■ **Dataset records**:
== Segment start ==
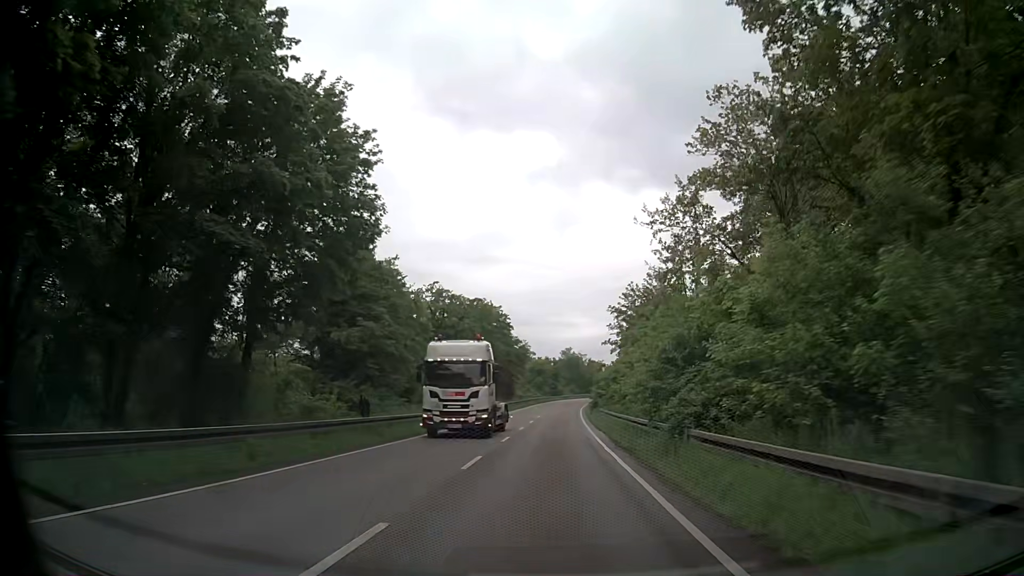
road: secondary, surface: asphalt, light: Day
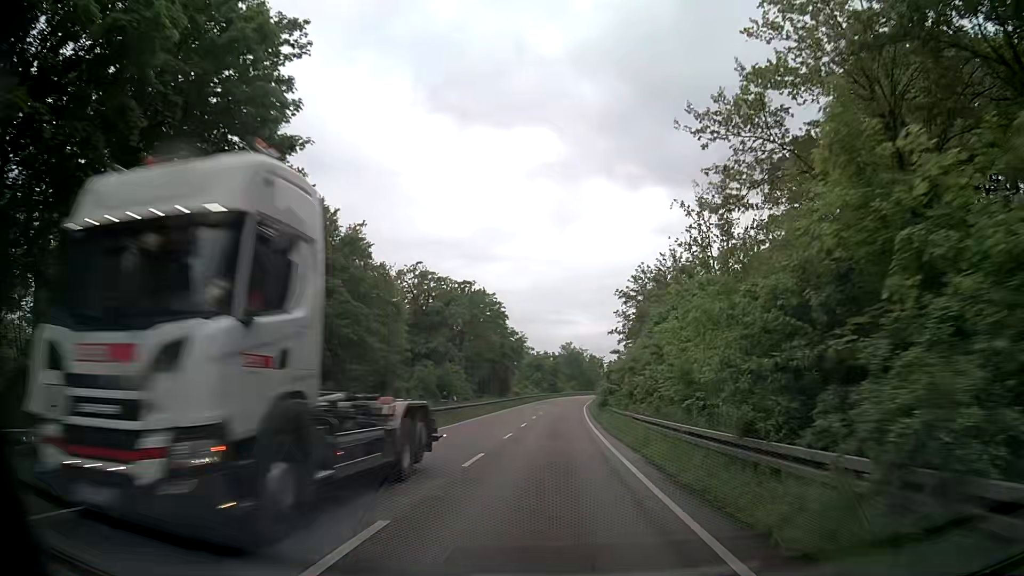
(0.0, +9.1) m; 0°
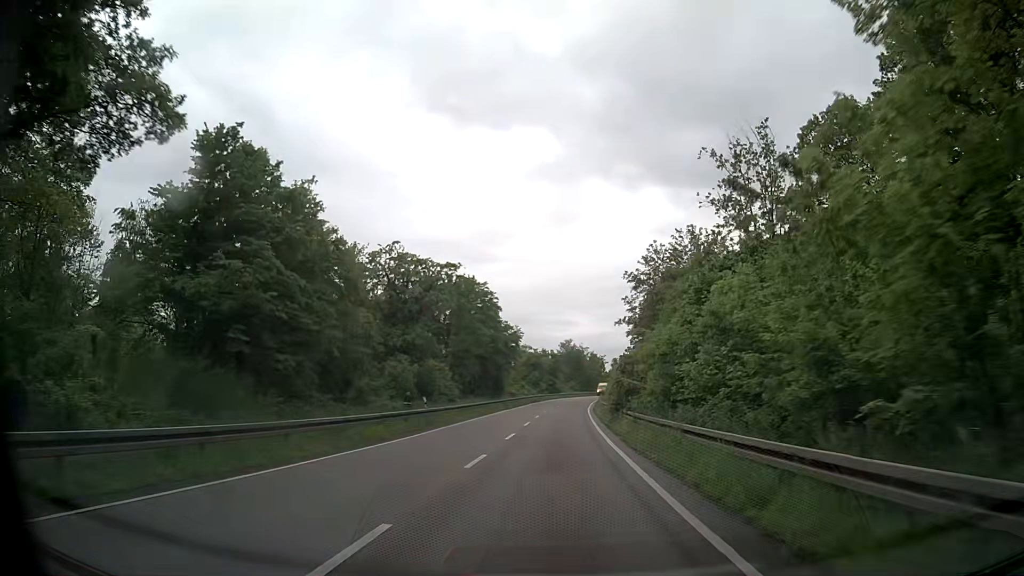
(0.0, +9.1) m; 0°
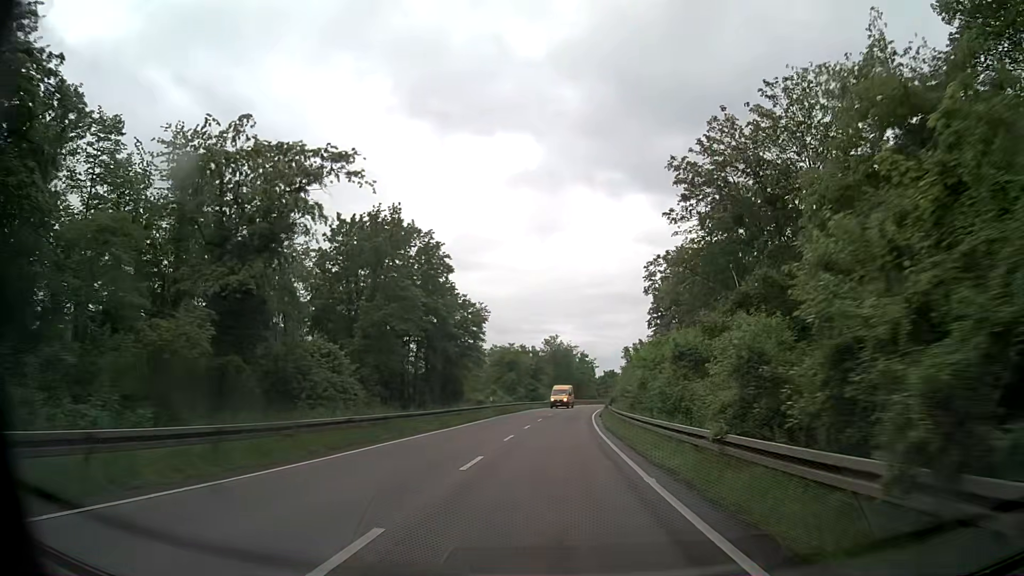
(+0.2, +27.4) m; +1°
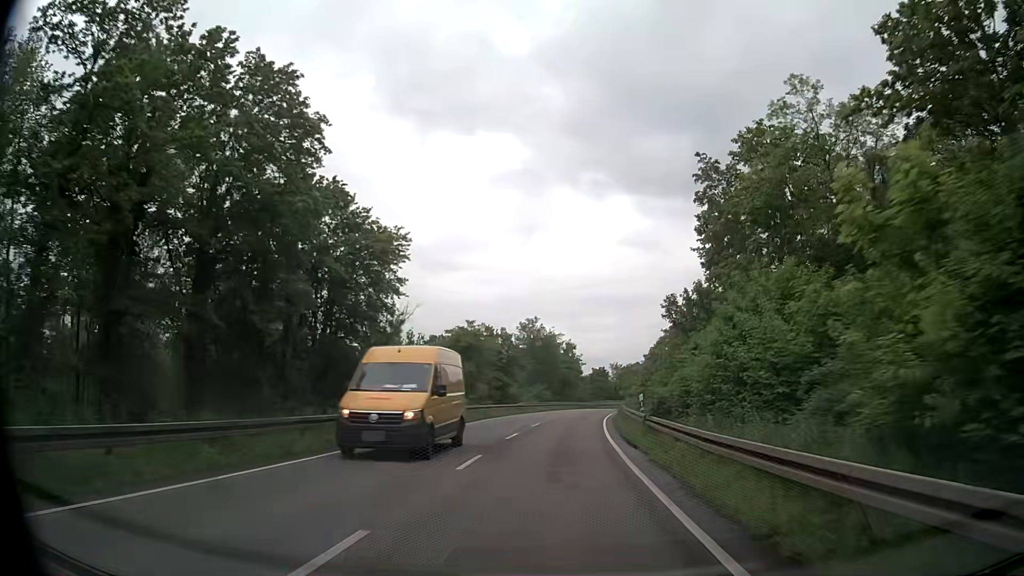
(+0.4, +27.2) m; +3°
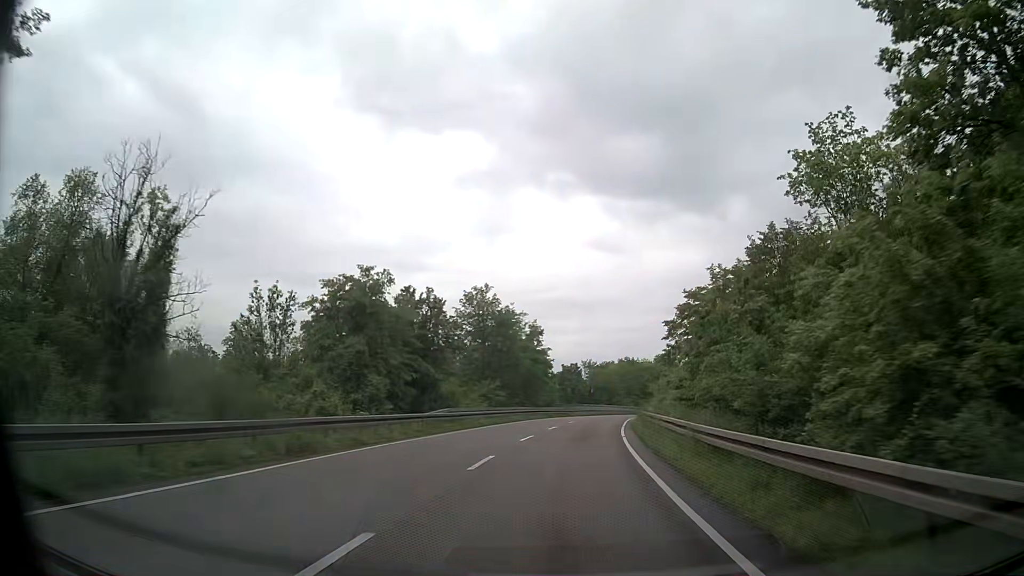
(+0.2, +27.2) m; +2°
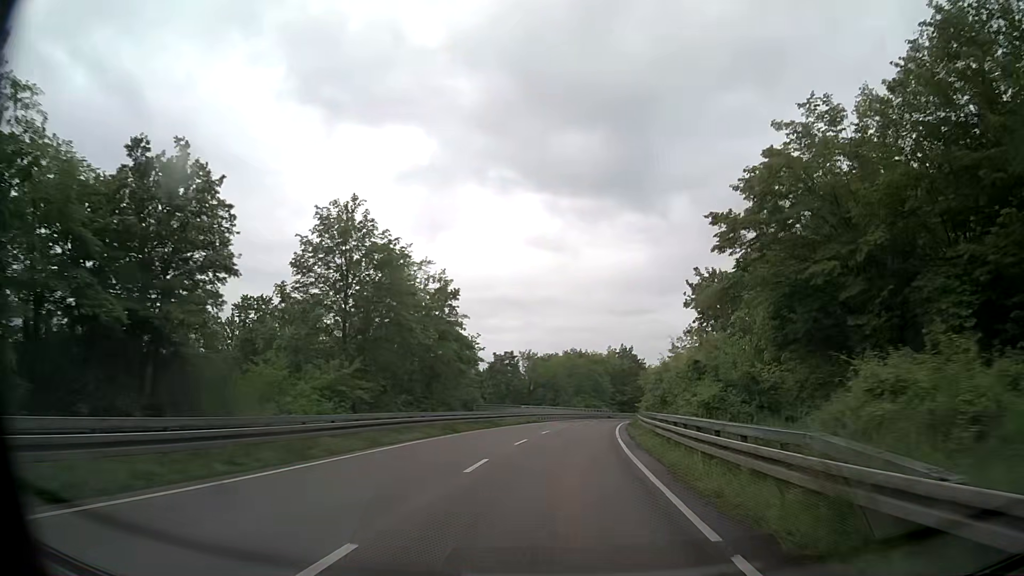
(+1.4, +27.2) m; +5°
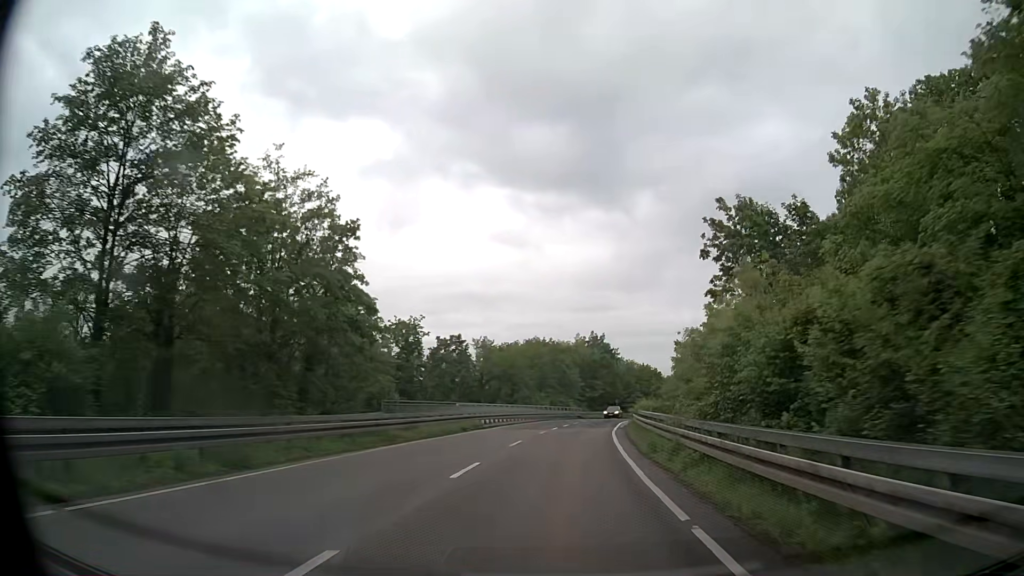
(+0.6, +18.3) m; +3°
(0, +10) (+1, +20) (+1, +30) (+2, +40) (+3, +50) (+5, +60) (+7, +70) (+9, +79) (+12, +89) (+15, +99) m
== Segment end ==
■ **What to do**:
Copy the whole of the material above exactly, but not its images.

■ **Response box**:
road: secondary, surface: asphalt, light: Day
(0.0, +9.1) m; 0°
(0.0, +9.1) m; 0°
(+0.2, +27.4) m; +1°
(+0.4, +27.2) m; +3°
(+0.2, +27.2) m; +2°
(+1.4, +27.2) m; +5°
(+0.6, +18.3) m; +3°
(0, +10) (+1, +20) (+1, +30) (+2, +40) (+3, +50) (+5, +60) (+7, +70) (+9, +79) (+12, +89) (+15, +99) m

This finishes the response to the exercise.